Available records START
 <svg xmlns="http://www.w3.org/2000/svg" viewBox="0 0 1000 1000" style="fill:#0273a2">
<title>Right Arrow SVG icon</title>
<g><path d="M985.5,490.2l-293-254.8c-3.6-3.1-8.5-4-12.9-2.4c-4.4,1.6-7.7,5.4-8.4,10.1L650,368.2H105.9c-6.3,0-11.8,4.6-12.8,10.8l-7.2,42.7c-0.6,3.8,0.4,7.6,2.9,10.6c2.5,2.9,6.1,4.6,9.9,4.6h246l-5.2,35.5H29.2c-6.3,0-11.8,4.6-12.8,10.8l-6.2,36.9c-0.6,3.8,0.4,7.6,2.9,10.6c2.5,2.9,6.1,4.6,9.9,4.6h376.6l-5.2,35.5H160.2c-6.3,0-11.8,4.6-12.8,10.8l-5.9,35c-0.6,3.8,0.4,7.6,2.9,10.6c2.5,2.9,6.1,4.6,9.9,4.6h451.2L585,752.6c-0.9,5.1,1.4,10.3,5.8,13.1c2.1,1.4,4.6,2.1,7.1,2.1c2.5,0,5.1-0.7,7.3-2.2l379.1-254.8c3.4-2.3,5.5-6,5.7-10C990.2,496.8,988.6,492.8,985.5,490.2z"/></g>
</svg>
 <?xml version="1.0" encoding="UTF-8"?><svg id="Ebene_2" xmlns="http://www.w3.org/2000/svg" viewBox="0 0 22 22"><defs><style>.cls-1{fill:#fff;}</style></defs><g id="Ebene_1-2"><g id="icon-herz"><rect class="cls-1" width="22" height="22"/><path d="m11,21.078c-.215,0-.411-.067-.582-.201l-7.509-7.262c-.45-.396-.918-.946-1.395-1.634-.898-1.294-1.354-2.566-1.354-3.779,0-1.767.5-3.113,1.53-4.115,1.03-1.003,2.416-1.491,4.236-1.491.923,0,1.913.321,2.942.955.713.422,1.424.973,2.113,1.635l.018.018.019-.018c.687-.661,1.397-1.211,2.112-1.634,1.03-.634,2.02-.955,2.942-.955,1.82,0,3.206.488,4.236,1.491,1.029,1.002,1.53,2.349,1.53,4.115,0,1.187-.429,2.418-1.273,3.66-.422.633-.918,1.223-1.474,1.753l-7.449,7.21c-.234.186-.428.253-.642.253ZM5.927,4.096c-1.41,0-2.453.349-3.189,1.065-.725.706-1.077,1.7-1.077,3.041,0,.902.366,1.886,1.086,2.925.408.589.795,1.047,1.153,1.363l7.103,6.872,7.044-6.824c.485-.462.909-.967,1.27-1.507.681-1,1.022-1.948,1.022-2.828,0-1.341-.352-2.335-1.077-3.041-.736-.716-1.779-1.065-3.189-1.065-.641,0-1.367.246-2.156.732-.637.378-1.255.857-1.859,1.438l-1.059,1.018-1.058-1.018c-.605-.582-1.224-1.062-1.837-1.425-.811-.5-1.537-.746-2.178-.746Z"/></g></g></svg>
Available records END
#### Exercise aim
Could you set down each entry above word for word?

#### Exercise result
 <svg xmlns="http://www.w3.org/2000/svg" viewBox="0 0 1000 1000" style="fill:#0273a2">
<title>Right Arrow SVG icon</title>
<g><path d="M985.5,490.2l-293-254.8c-3.6-3.1-8.5-4-12.9-2.4c-4.4,1.6-7.7,5.4-8.4,10.1L650,368.2H105.9c-6.3,0-11.8,4.6-12.8,10.8l-7.2,42.7c-0.6,3.8,0.4,7.6,2.9,10.6c2.5,2.9,6.1,4.6,9.9,4.6h246l-5.2,35.5H29.2c-6.3,0-11.8,4.6-12.8,10.8l-6.2,36.9c-0.6,3.8,0.4,7.6,2.9,10.6c2.5,2.9,6.1,4.6,9.9,4.6h376.6l-5.2,35.5H160.2c-6.3,0-11.8,4.6-12.8,10.8l-5.9,35c-0.6,3.8,0.4,7.6,2.9,10.6c2.5,2.9,6.1,4.6,9.9,4.6h451.2L585,752.6c-0.9,5.1,1.4,10.3,5.8,13.1c2.1,1.4,4.6,2.1,7.1,2.1c2.5,0,5.1-0.7,7.3-2.2l379.1-254.8c3.4-2.3,5.5-6,5.7-10C990.2,496.8,988.6,492.8,985.5,490.2z"/></g>
</svg>
 <?xml version="1.0" encoding="UTF-8"?><svg id="Ebene_2" xmlns="http://www.w3.org/2000/svg" viewBox="0 0 22 22"><defs><style>.cls-1{fill:#fff;}</style></defs><g id="Ebene_1-2"><g id="icon-herz"><rect class="cls-1" width="22" height="22"/><path d="m11,21.078c-.215,0-.411-.067-.582-.201l-7.509-7.262c-.45-.396-.918-.946-1.395-1.634-.898-1.294-1.354-2.566-1.354-3.779,0-1.767.5-3.113,1.53-4.115,1.03-1.003,2.416-1.491,4.236-1.491.923,0,1.913.321,2.942.955.713.422,1.424.973,2.113,1.635l.018.018.019-.018c.687-.661,1.397-1.211,2.112-1.634,1.03-.634,2.02-.955,2.942-.955,1.82,0,3.206.488,4.236,1.491,1.029,1.002,1.53,2.349,1.53,4.115,0,1.187-.429,2.418-1.273,3.66-.422.633-.918,1.223-1.474,1.753l-7.449,7.21c-.234.186-.428.253-.642.253ZM5.927,4.096c-1.41,0-2.453.349-3.189,1.065-.725.706-1.077,1.7-1.077,3.041,0,.902.366,1.886,1.086,2.925.408.589.795,1.047,1.153,1.363l7.103,6.872,7.044-6.824c.485-.462.909-.967,1.27-1.507.681-1,1.022-1.948,1.022-2.828,0-1.341-.352-2.335-1.077-3.041-.736-.716-1.779-1.065-3.189-1.065-.641,0-1.367.246-2.156.732-.637.378-1.255.857-1.859,1.438l-1.059,1.018-1.058-1.018c-.605-.582-1.224-1.062-1.837-1.425-.811-.5-1.537-.746-2.178-.746Z"/></g></g></svg>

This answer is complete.